Mitochondrial Diabetes: More Than Just Hyperglycemia

Discussion

Mitochondrial diabetes often presents as an unremarkable form of diabetes, mistaken for either type 1 or type 2 diabetes depending on the severity of insulinopenia. Studies from Europe have described prevalence rates of >5% in patients presenting with a type 2 diabetes phenotype (1); it has not been well studied in patients with a type 1 phenotype. This form of diabetes is not commonly reported in young Indian patients (2); however, it is not uncommon in other parts of Asia (3).The average age of onset of diabetes in a Japanese study was 28.9 ± 11.2 years, whereas in our case, the age of onset of diabetes was 16 years, which is a bit younger than the known data.

Often, there are other clues that point toward a mitochondrial etiology, including deafness (92.2%) (3), pigmentary retinopathy, short stature, cardiac disease in the form of cardiomyopathy (30.4%) (3), conductive tissue disease (27.8%), gastrointestinal symptoms, renal abnormalities, hypogonadism (<20%), and myopathy (10.4%) (3). Hearing loss manifests several years before diabetes. Hence, screening for hearing loss has a good diagnostic value. Hypertrophic cardiomyopathy is the usual form of cardiomyopathy in these patients. Patients can also have muscle involvement in the form of proximal myopathy or exercise-induced muscle cramps or weakness.
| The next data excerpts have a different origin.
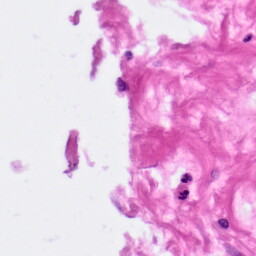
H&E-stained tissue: Pancreatic
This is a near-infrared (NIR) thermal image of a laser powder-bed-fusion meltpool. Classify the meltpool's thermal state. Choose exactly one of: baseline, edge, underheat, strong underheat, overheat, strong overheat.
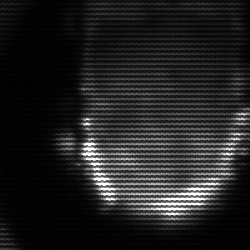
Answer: baseline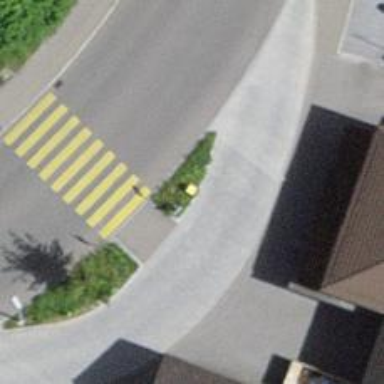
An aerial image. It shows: Post box is visible.

The most common mitochondrial mutation associated with mitochondrial diabetes is A3243G mutation (4). This was initially identified in patients with mitochondrial encephalomyopathy, lactic acidosis, and stroke-like episodes (MELAS). Distinct from MELAS, which presents at a younger age, maternally inherited diabetes and deafness (MIDD) tends to present in the third or fourth decade of life.

Various theories have been proposed for the pathogenesis of mitochondrial diabetes. Mitochondrial mutation leads to reduced ATP production in pancreatic β-cells, alters the ATP/ADP ratio that determines the opening probability of the K_ATP channel involved in insulin secretion, thereby affecting glucose-induced insulin secretion, leading to diabetes (5,6). Mitochondrial function itself contributes to the process of insulin secretion, and its dysfunction leads to diabetes. Another proposed mechanism for diabetes is higher lactate flux to the liver, fueling gluconeogenesis because of mitochondrial dysfunction in the muscle and leading to increased hepatic glucose production. Mitochondria are a main free radical generator, apart from regulating many compounds such as calcium, glutamate, cytochrome C, and lactate (7–10). Hence, distinct mutations of these molecules may differentially affect their concentrations and express different clinical manifestations in patients.

Mitochondrial diabetes is almost exclusively maternally transmitted. Different mutations in the mitochondrial genome have different clinical presentations based on the organ systems affected. An important concept in explaining the pathogenic pathway of MIDD is heteroplasmy. This is a state in which the patient has mutated mitochondrial DNA mixed with normal mitochondrial DNA in the cells. As the percentage of heteroplasmy increases, the severity of clinical phenotype varies. Heteroplasmy values show large variations between individual tissues, with a tendency toward high heteroplasmy values in nondividing tissue compared with rapidly dividing cells (11).

Diagnosis of mitochondrial diabetes rests purely on genetic analysis of the patient to identify mutation with clinical suspicion of the syndrome. The investigation of a suspected mitochondrial disease requires an integrated approach, incorporating clinical, histochemical, biochemical, and molecular biological investigations. Every patient should get an electrocardiogram to look for cardiomyopathy. Serum lactate, pyruvate, and creatinine kinase are tests required. Nerve conduction studies are needed to diagnose axonal or mixed axonal-demyelinating neuropathies, and EMG should be performed to rule out myopathies (12).

Mitochondrial diabetes is progressive; hence, treatment must begin very early in the disease process. Diabetes initially can be managed with diet and oral antidiabetic agents, but within a few years, patients become insulin dependent. Metformin is generally contraindicated because of the risk of lactic acidosis. Currently, use of vitamin-based and cofactor-based mitochondrial therapies remains experimental. Such therapies include coenzyme Q, riboflavin, creatine, l-carnitine, l-arginine, and folinic acid and have shown variable benefit (13–15).